Records from a collection
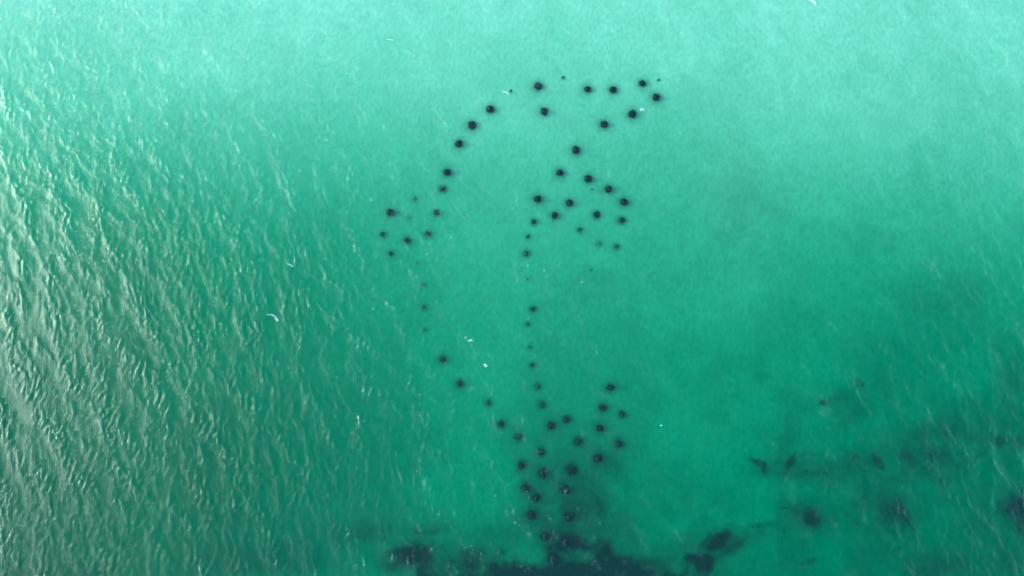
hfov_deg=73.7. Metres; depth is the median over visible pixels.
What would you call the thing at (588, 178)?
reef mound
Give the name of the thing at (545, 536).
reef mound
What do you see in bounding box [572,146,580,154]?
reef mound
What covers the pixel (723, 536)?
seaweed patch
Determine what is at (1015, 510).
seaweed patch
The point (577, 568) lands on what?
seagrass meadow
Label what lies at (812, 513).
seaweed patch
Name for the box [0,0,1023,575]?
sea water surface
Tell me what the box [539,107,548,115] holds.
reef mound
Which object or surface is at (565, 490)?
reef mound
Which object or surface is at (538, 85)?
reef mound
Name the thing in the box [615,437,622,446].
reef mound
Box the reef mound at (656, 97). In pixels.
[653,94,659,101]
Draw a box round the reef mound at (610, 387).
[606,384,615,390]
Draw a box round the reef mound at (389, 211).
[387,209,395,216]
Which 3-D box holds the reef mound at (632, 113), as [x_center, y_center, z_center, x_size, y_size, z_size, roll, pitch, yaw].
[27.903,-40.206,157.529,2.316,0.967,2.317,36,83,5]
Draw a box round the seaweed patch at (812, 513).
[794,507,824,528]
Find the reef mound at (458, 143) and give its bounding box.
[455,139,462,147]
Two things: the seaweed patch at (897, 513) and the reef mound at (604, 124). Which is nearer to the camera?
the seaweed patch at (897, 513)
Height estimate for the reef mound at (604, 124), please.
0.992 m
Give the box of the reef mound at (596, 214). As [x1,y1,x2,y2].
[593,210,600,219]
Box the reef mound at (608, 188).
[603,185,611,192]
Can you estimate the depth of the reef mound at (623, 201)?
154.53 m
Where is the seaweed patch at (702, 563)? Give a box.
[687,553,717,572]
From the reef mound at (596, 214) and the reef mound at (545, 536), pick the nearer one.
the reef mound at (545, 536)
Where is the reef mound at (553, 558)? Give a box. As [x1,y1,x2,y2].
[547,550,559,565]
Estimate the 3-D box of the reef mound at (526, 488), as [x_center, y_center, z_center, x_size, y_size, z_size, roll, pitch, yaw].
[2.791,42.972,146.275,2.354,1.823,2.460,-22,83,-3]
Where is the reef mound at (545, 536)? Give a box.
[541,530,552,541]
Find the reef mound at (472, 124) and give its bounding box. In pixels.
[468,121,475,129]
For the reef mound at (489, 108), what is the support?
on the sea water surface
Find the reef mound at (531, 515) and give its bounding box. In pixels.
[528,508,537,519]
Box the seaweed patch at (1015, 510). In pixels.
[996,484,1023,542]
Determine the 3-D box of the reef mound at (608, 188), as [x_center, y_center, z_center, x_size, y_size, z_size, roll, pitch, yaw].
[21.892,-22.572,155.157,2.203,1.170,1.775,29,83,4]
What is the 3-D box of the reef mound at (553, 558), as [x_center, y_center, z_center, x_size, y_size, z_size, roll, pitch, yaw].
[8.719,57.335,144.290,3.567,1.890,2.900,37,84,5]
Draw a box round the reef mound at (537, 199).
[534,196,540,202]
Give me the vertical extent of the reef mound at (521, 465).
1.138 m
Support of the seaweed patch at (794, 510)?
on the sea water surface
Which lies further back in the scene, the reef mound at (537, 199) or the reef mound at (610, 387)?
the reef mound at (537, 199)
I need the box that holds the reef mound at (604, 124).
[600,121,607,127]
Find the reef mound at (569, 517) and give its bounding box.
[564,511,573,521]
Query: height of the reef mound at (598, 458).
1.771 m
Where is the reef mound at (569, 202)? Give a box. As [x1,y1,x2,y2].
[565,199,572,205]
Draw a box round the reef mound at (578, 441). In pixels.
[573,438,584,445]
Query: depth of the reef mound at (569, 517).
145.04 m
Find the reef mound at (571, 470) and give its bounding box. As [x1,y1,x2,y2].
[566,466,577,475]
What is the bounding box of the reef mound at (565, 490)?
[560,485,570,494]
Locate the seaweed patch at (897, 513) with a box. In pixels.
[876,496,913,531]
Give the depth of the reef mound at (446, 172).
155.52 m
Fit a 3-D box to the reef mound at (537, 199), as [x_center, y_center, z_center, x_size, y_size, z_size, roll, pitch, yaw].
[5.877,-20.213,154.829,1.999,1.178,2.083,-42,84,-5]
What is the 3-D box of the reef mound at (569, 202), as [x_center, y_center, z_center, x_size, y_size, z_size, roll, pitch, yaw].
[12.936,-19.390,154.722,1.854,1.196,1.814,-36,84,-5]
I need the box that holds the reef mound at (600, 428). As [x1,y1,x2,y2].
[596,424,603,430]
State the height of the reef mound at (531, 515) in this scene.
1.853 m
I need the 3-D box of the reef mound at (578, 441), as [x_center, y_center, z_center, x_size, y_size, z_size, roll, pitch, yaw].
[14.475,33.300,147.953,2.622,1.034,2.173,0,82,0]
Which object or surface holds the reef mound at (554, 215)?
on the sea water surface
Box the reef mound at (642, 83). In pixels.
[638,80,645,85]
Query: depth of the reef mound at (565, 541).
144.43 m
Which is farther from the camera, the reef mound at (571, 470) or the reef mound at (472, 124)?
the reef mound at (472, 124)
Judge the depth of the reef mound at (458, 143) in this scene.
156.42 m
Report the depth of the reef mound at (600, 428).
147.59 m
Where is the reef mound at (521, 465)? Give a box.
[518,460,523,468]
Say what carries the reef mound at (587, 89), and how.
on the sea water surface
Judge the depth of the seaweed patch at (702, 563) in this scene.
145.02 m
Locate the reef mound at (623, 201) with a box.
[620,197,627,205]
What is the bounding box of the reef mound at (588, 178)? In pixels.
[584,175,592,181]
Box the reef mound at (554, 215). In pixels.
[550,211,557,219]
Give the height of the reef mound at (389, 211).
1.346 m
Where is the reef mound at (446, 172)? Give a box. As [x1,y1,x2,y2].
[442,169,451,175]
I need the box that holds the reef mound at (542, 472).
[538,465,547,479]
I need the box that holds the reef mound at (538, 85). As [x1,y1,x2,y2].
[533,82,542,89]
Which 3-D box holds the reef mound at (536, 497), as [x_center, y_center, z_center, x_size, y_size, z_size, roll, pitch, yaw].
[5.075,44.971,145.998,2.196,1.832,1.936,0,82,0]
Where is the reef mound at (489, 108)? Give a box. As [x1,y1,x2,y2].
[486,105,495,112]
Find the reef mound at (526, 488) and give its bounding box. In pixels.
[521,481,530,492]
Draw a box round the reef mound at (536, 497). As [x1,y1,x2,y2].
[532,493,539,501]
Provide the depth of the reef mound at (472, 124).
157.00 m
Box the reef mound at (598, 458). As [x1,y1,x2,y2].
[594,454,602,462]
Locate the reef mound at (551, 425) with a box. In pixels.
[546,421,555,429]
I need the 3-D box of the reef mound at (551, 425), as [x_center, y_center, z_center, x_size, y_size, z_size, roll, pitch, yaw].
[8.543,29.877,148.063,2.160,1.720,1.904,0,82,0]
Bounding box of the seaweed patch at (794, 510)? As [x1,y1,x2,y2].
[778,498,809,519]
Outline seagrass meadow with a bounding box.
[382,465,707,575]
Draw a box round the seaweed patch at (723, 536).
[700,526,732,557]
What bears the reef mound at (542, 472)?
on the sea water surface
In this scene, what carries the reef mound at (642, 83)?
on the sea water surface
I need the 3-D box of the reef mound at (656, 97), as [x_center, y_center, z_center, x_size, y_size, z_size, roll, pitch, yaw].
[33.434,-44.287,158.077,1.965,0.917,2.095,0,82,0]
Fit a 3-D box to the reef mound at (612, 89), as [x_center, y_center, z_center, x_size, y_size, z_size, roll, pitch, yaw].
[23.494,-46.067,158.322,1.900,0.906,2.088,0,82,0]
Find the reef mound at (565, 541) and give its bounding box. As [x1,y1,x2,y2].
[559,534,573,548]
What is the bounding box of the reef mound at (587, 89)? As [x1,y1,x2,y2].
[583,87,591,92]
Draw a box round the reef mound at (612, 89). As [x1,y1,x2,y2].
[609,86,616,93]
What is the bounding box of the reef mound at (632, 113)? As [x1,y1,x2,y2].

* **Work order**: Answer with the number alone: how many lines in the records include the word "roll"?

* **Written answer**: 11